Hatchling sex ratios

Temperature-dependent sex determination in sea turtles was first documented in loggerhead turtles by Yntema and Mrosovsky (Yntema and Mrosovsky, 1980), with warmer incubation temperatures producing more females and cooler temperatures producing more males. Although early work was conducted in laboratory conditions, attention moved to field studies to assess whether hatchling sex ratios were different from 1:1 as predicted by Fisher (Fisher, 1930). Initial assessments of loggerhead turtle sex ratios suggested that sex ratios vary from beach to beach and also from month to month within a nesting season (Mrosovsky et al., 1984). Further work using laboratory incubation suggested that the response of loggerhead turtle eggs to temperature was fairly conserved, at least in terms of pivotal temperature — the temperature that produces a 1:1 sex ratio (Mrosovsky and Pieau, 1991), across different populations from different latitudes in the northwest Atlantic (Mrosovsky, 1988). Subsequent studies of laboratory incubation of loggerhead turtle eggs from Brazil and Greece have also found pivotal temperatures that are relatively similar — close to 29°C (Marcovaldi et al., 1997; Mrosovsky et al., 2002). Thus, variation in sex ratios observed in the wild is thought to be driven largely by local environmental conditions, specifically egg temperatures during incubation (Godfrey and Mrosovsky, 2001).

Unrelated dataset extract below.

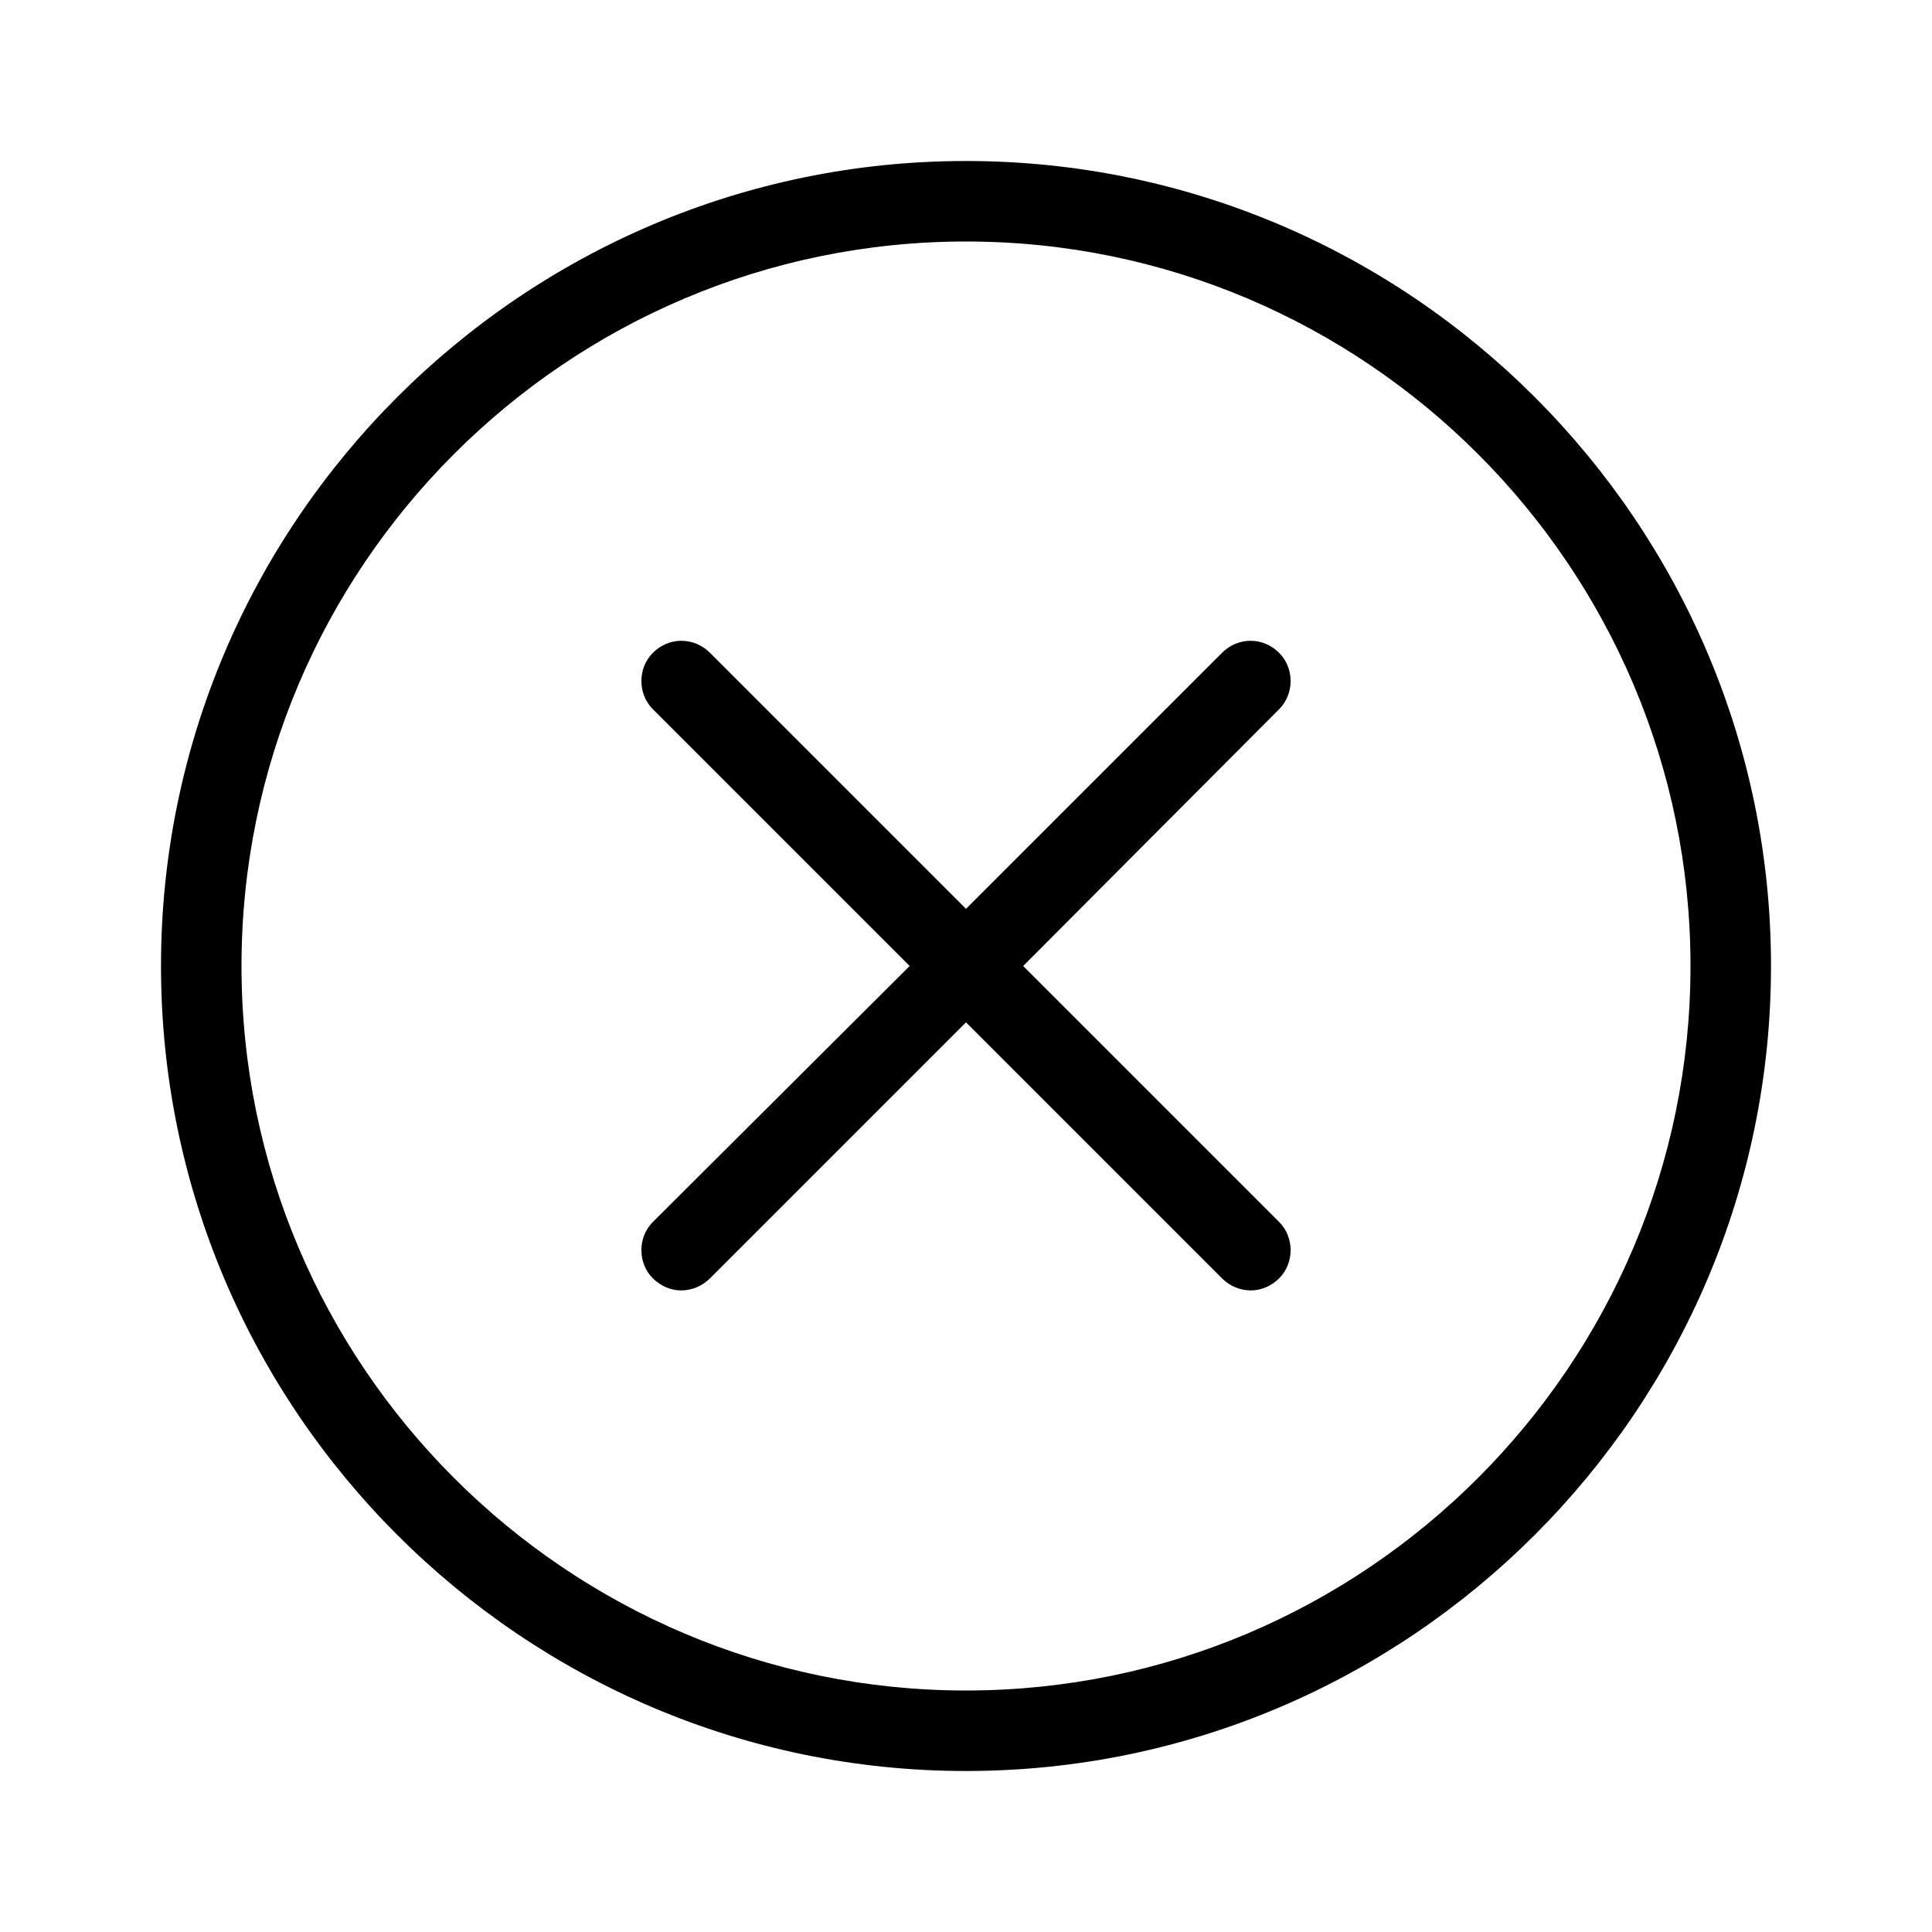 <svg xmlns="http://www.w3.org/2000/svg" viewBox="0 0 24 24">
    <path d="M12,22c-5.51,0-10-4.49-10-10S6.49,2,12,2s10,4.49,10,10-4.49,10-10,10Zm0-19C7.04,3,3,7.04,3,12s4.04,9,9,9,9-4.04,9-9S16.96,3,12,3Z" />
    <path d="M15.89,15.18c.19,.19,.19,.51,0,.7-.1,.1-.23,.15-.35,.15-.13,0-.26-.05-.36-.15l-3.18-3.18-3.18,3.18c-.1,.1-.23,.15-.36,.15-.12,0-.25-.05-.35-.15-.19-.19-.19-.51,0-.7l3.19-3.18-3.19-3.19c-.19-.19-.19-.51,0-.7,.2-.2,.51-.2,.71,0l3.18,3.18,3.18-3.18c.2-.2,.51-.2,.71,0,.19,.19,.19,.51,0,.7l-3.18,3.19,3.18,3.18Z" />
</svg>

A major constraint in the study of loggerhead turtle sex ratios has been the challenge of assigning sex. Sea turtles do not have sexually dimorphic sex chromosomes nor do they express visible external phenotypic differences between the sexes prior to adulthood. The only fully reliable method of assigning sex to hatchling loggerhead turtles has been through histological examination of the gonads (Yntema and Mrosovsky, 1980), which is labour intensive and destructive. Attempts to use dead-in-nest hatchlings for sexing are hampered by low sample sizes and a possible influence of sex-biased mortality. There have been attempts to develop other non-destructive markers of phenotypic sex, with varying degrees of success, including assessing ratios of hormone titres in the chorioallantoic fluid remaining in eggs after hatching (Gross et al., 1995) and laparoscopy of hatchlings raised in captivity for several months (Wyneken et al., 2007). Regardless of their reliability, these alternative methods of directly assigning sex present logistical challenges that would hamper studies of sex ratios on a large scale in the field.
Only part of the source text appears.